• [Entries shown]

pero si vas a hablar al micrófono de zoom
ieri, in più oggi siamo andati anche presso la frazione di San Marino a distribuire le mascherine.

--

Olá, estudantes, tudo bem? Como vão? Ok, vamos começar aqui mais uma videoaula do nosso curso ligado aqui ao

• [Activity] Please give back exactly the lines of the listing above that run from the one containing "pero si vas a hablar al micrófono de zoom" through the one containing "ieri, in più", and only those.

• [Written reply]
pero si vas a hablar al micrófono de zoom
ieri, in più oggi siamo andati anche presso la frazione di San Marino a distribuire le mascherine.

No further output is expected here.